Het is waar, dat het Protestantisme dit Roomsche en in den grond
heidensche bijgeloof in den eersten tijd bijna geheel onaangetast
heeft gelaten; heksengeloof en heksenprocessen werden door de
Protestanten even sterk als door de Roomschen verdedigd en later
door de Roomschen (Spina, Molitor, Loos, Tanner, von Spee)
evengoed als door de Protestanten (Weier 1563, Godelmann 1562,
Reginald Scott 1584, van Dale 1685, Bekker 1691, Thomasius 1701)
bestreden; op voorgang van Luther, kenden de Lutherschen eene
zeer groote macht aan den duivel toe, leidden alle kwaad uit hem af
en handhaafden het exorcisme, Köstlin, Luthers Theol. II 351 f.
Müller, Symb. Bücher 477. 483. 771, cf. Roskoff, t. a. p. II 364 f.

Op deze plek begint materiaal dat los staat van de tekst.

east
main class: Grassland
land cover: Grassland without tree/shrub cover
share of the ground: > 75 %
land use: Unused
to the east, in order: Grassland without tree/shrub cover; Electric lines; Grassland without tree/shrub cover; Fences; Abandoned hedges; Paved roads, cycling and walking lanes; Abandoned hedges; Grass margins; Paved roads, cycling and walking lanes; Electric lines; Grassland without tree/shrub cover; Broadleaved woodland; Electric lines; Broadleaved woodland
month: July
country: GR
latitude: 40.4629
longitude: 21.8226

Philippi, Kirchl. Gl. III 341. Maar toch bracht de Reformatie, vooral in
haar Calvinistische vertakking, in het duivelgeloof wel terdege eene
belangrijke wijziging aan. Teruggaande tot de Schrift en bij hare
gegevens blijvende staan, belijdende de volstrekte souvereiniteit
Gods, kon zij in Satan en zijne engelen, hoe machtig ook, toch niet
anders zien dan schepselen, die zonder Gods wil zich noch roeren
noch bewegen kunnen. Rationalistisch was de Hervorming niet. Zij
hield staande, dat er booze geesten waren, die op de menschen,
vooral op hun verbeelding, inwerken en hen zelfs tot hun instrument
verlagen konden. Maar deze macht van Satan over de menschheid
was toch altijd aan Gods voorzienigheid onderworpen; zij was in de
eerste plaats ethisch van aard en had in de zonde haar oorsprong;
zij was bovendien binnen enge grenzen beperkt; niet Satan, maar
God is de Schepper van het licht en de duisternis, van het goede en
het kwade; ziekte en dood worden door Hem ons toegezonden, Jes.

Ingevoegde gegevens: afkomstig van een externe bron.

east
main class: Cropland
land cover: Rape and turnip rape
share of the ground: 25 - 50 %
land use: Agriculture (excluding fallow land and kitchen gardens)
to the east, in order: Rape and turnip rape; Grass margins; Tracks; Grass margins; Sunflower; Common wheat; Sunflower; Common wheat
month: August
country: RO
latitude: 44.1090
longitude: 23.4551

45:7. Hebr. 2:7 zegt alleen, dat Satan het geweld des doods heeft,
wijl hij door de zonde den dood in de wereld tot heerschappij heeft
gebracht en dus menschenmoorder is van den beginne, Joh. 8:44.
Ons leven en levenseinde is niet in Satans maar in Gods hand. Luk.

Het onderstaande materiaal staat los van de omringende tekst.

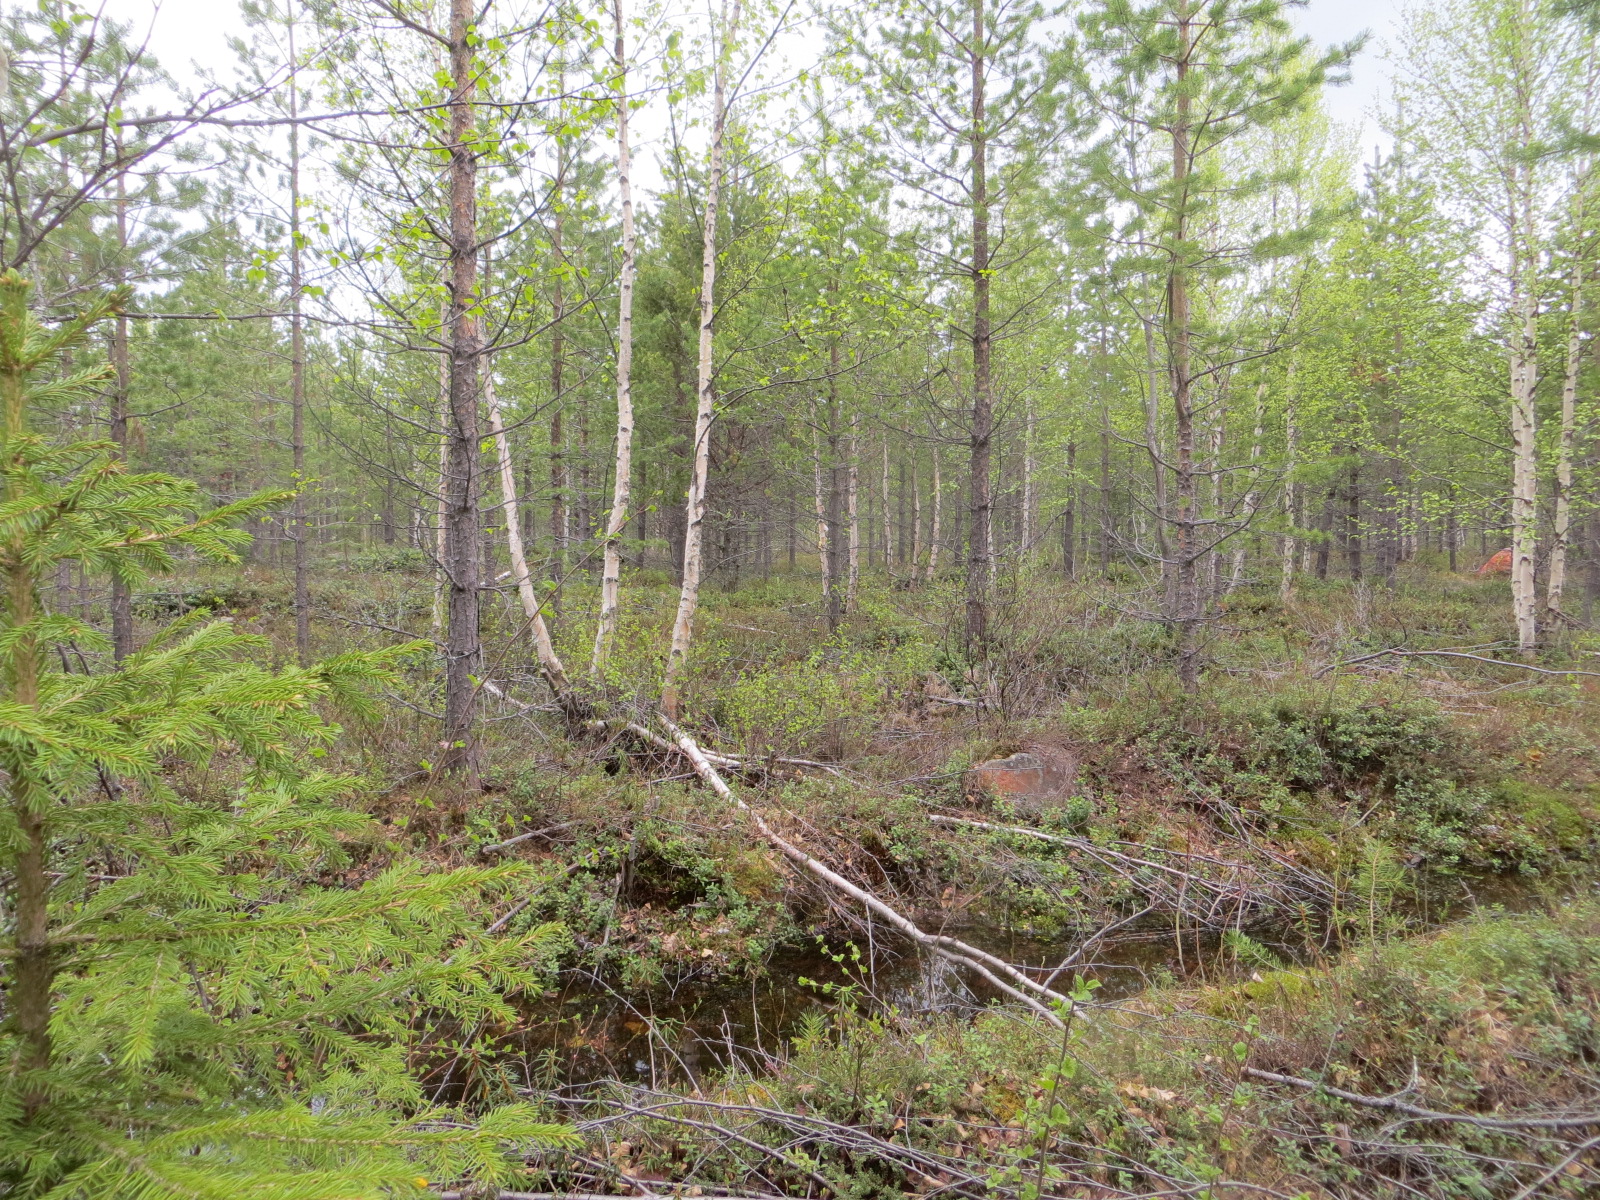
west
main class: Woodland
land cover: Pine dominated mixed woodland
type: boreal forest
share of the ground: > 75 %
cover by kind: coniferous forest trees 50 %, broadleaved forest trees 25 %, shrubs 25 %
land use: Forestry
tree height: > 5 m
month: June
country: FI
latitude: 67.4839
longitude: 24.8495
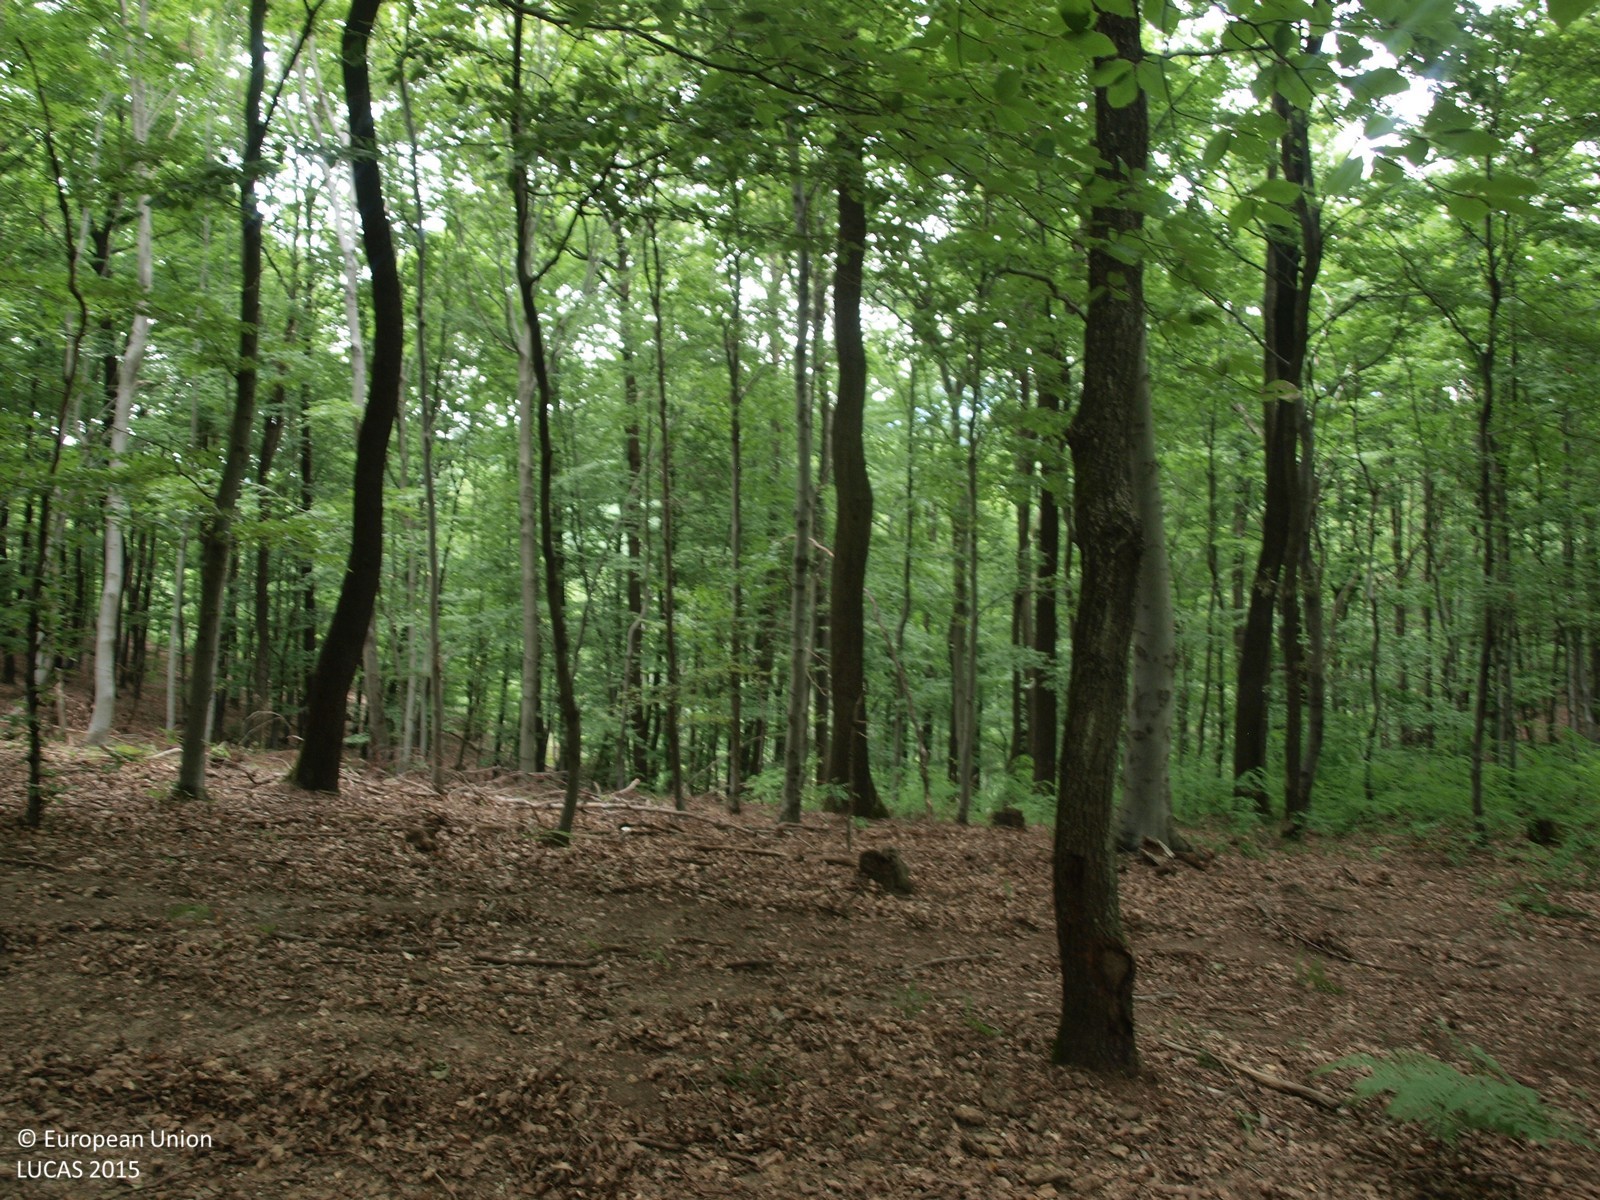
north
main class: Woodland
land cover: Broadleaved woodland
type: mesophytic deciduous forest
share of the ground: > 75 %
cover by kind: broadleaved forest trees 100 %
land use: Forestry
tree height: > 5 m
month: August
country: HR
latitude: 45.8447
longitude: 15.9081

13:11, 16 en 2 Cor. 12:7 geven geen recht, om alle ziekte en kwaal
aan Satan toe te schrijven. En voorts kan Satan niet scheppen en
iets uit niet voortbrengen, hij kan noch als incubus noch als
succubus kinderen voortbrengen, hij kan geen menschen in dieren
veranderen, ter dood brengen of in het leven terugroepen; hij kan
niet onmiddelijk op verstand en wil inwerken, hij kan de substantie
en de qualiteit der dingen niet veranderen enz., Voetius, Disp. I 906
sq., en voorts Polanus, Synt. V c. 12. Zanchius, Op. III 167-216.
Synopsis pur. theol. XII 36 sq. Turretinus, Theol. El. VII qu. 5.
Mastricht, Theol. III c. 8. Brahe, Aanm. over de vijf Walch. art. 1758
bl. 195v. Moor II 328. M. Vitringa II 117 sq.
Alleen door zulk een geloof, dat zich eng aansluit bij de H.
Schrift, is het bijgeloof te overwinnen, hetwelk zoo diepe wortelen
geslagen heeft in het menschelijk hart en trots alle zoogenaamde
verstandelijke ontwikkeling telkens weer bovenkomt. Het
rationalisme bestreed eerst de inwerking der booze geesten op de
menschen en daarna hun bestaan; en het gevolg is geweest, dat wel
het geloof aan de Schrift is prijsgegeven, maar niet het bijgeloof is
uitgeroeid. Integendeel doet dit thans onder allerlei vormen van
magnetisme, hypnotisme, telepathie, spiritisme, astrologie enz., juist
in de kringen des ongeloofs zijn intrede; het occultisme, dat alle
eeuwen door en bij alle volken gebloeid heeft, cf. Kiesewetter,
Gesch. d. Occultismus, 3 Bde, Leipzig 1891, A. Lehmann,
Aberglaube und Zauberei, Stuttgart 1898, telt ook in de laatste
decennia dezer eeuw zijne aanhangers bij millioenen en wordt zelfs
in kunst en wetenschap als de hoogste wijsheid verheerlijkt. Ook
tegenover dit nieuwerwetsche bijgeloof is het dwaze Gods wijzer dan
de menschen. Want niet alleen is er tegen het bestaan van gevallen
geesten niets redelijks in te brengen, maar ook de mogelijkheid, dat
zij menschen verleiden kunnen, kan op geen enkelen grond worden
betwist. Gelijk menschen door woord en daad, door voorbeeld en
gedrag op anderen invloed oefenen, zoo is er niets ongerijmds in de
gedachte, dat ook van de gevallen geestenwereld eene verleidende
macht uitgaat op der menschen verbeelding, verstand en wil. Er
wordt hiertegen wel ingebracht, dat dan de mensch altijd zijne schuld
op den duivel werpen kan; maar dit is ook het geval, als iemand door
zijn medemensch verleid wordt; voorts geschiedt de verzoeking altijd
in ethischen weg en heft de eigen schuld niet op; en in de kringen,
waar aan het bestaan van gevallen engelen geloofd wordt, is het
schuldgevoel gewoonlijk niet zwakker, dan daar, waar hun bestaan
wordt ontkend. Het geloof aan den duivel handhaaft tegelijk den
ontzettenden ernst der zonde en de verlossingsvatbaarheid van den
mensch; entweder ein Teufel ausserhalb der Menschheit oder
Tausende von Teufeln in Menschengestalt, Weiss, Apol. d. Christ. II3
519. Er openbaart zich bij menschen soms zulk een woeste,
welbewuste, opzettelijke haat tegen God en al het goddelijke, ib.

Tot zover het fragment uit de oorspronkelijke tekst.